THE INPUT section start

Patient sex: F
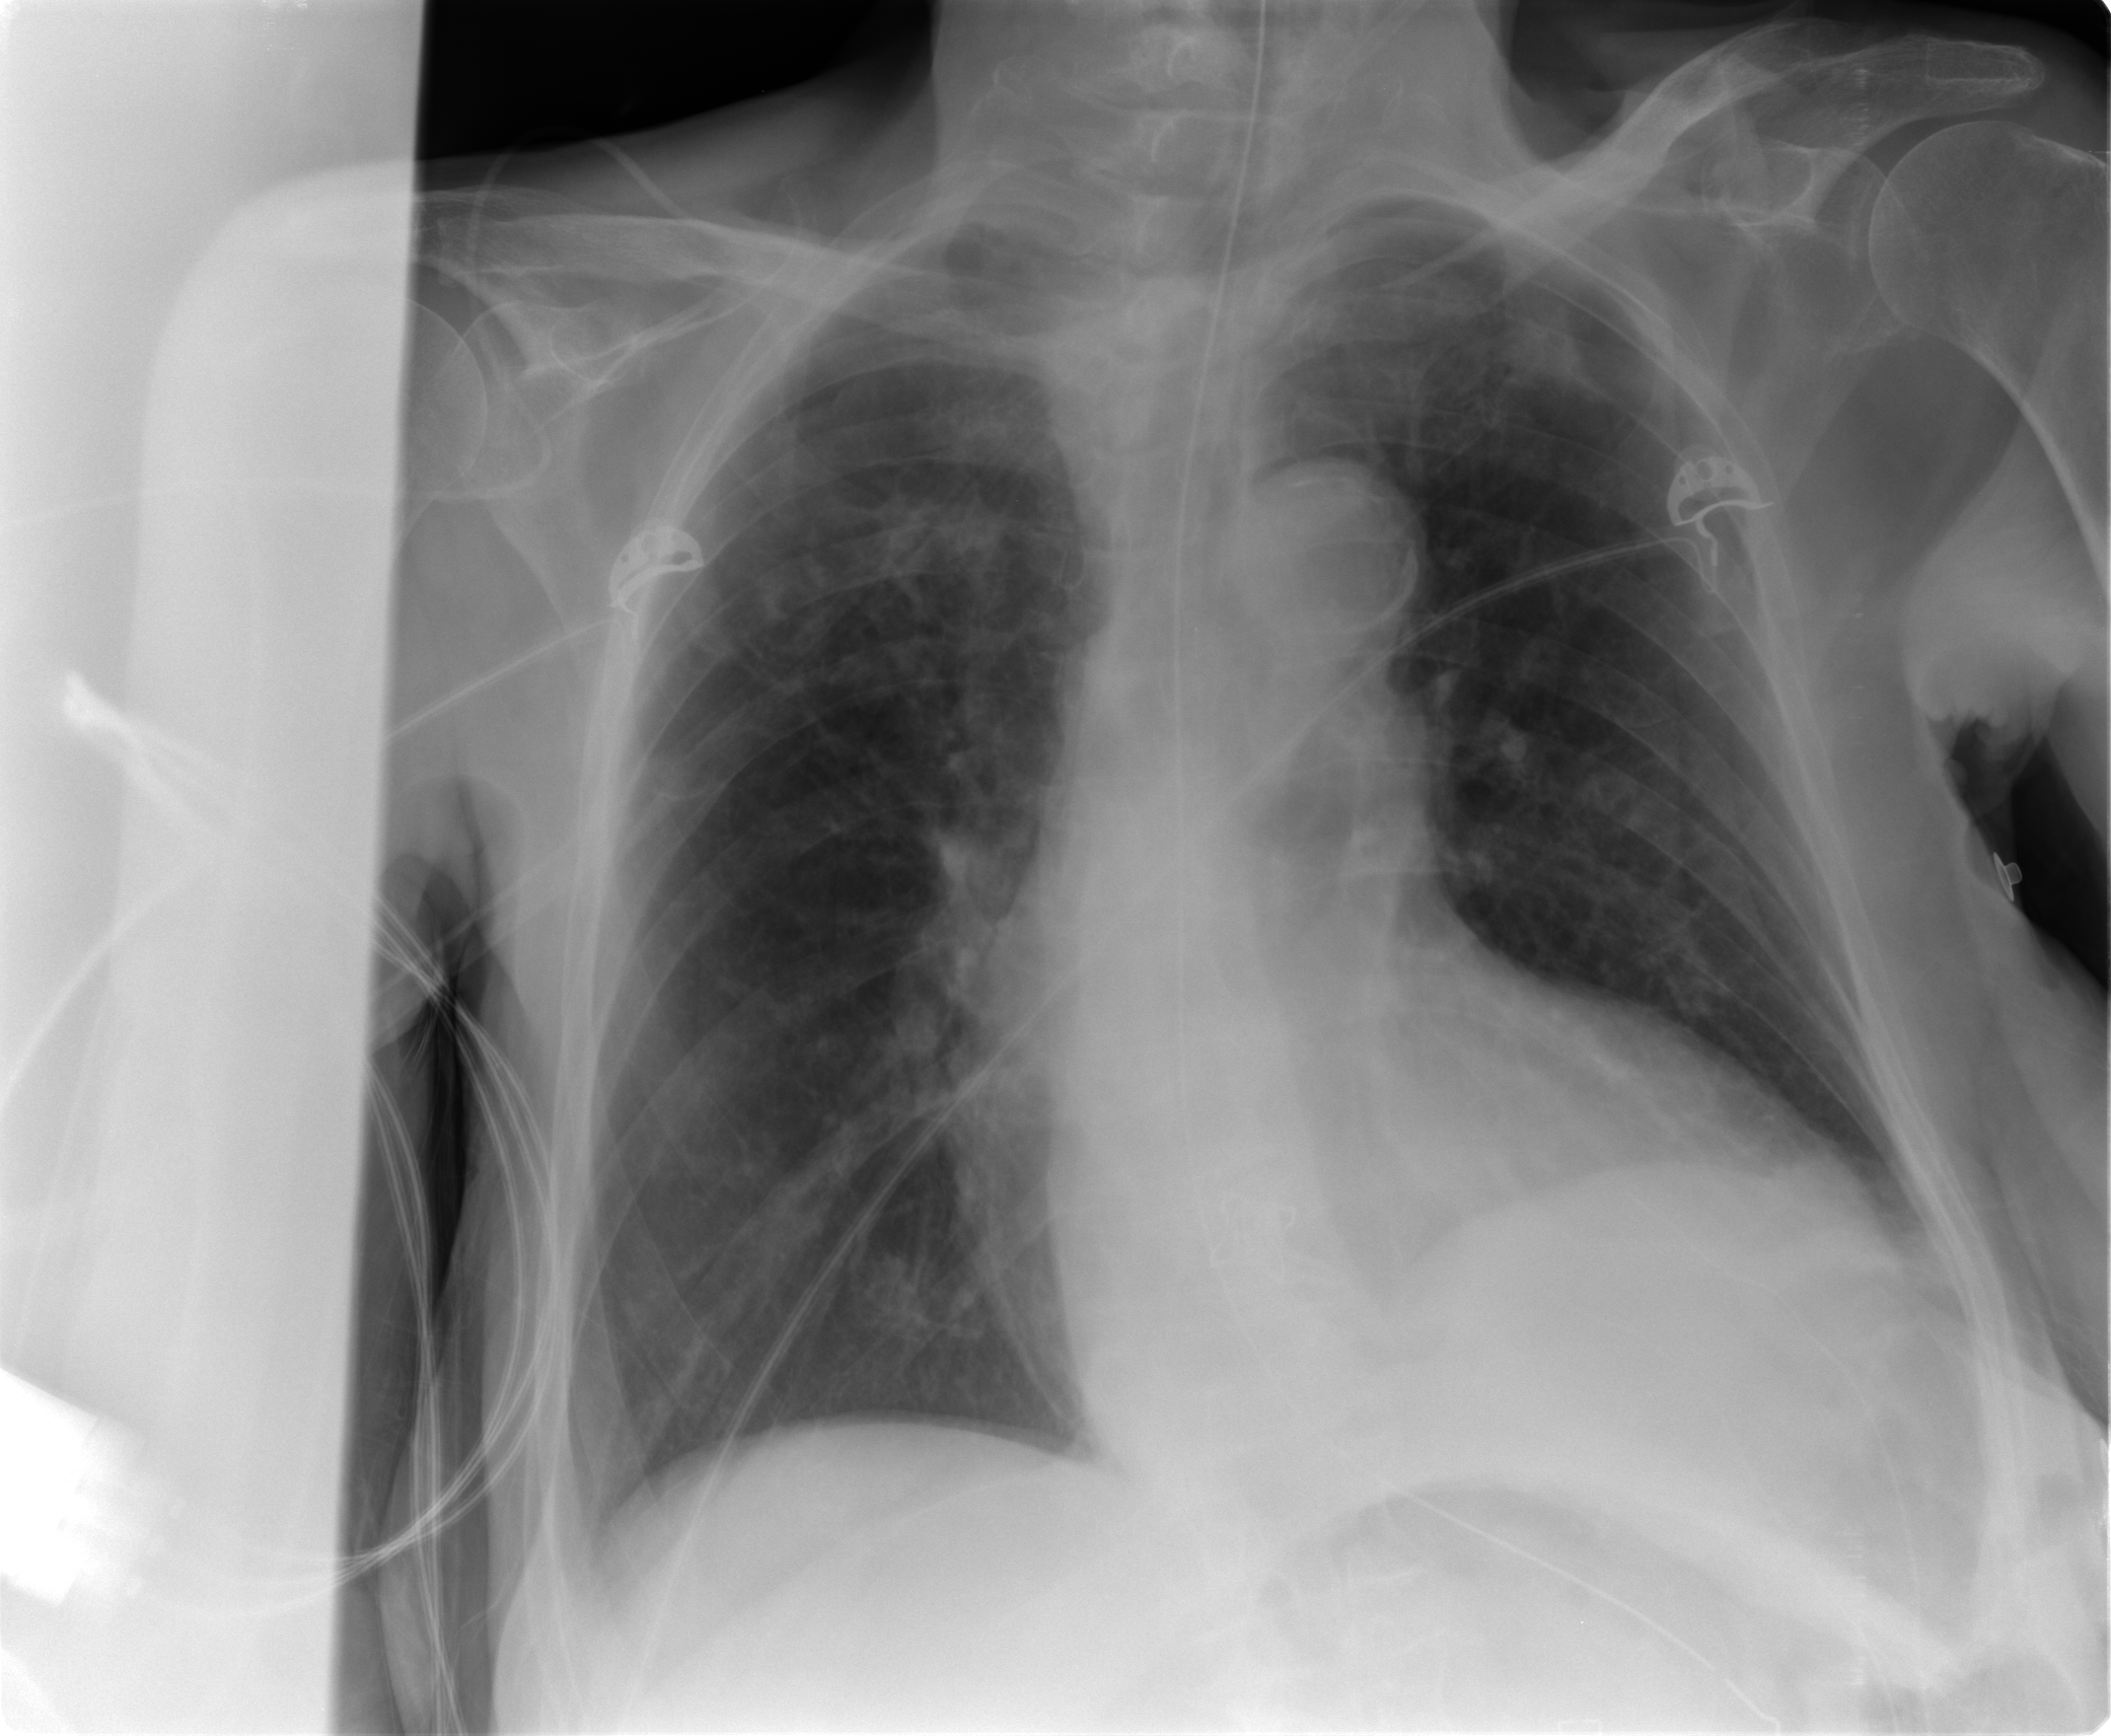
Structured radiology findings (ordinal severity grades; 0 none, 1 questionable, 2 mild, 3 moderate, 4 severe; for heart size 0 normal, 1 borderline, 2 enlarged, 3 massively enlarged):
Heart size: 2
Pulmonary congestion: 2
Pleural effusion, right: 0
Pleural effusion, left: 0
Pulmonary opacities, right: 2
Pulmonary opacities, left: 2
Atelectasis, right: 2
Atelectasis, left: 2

THE INPUT section end

A word-for-word copy of the lines from the one with "Pleural effusion, right: 0" through the end of the listing is what should be returned.

→ **YOUR SOLUTION**:
Pleural effusion, right: 0
Pleural effusion, left: 0
Pulmonary opacities, right: 2
Pulmonary opacities, left: 2
Atelectasis, right: 2
Atelectasis, left: 2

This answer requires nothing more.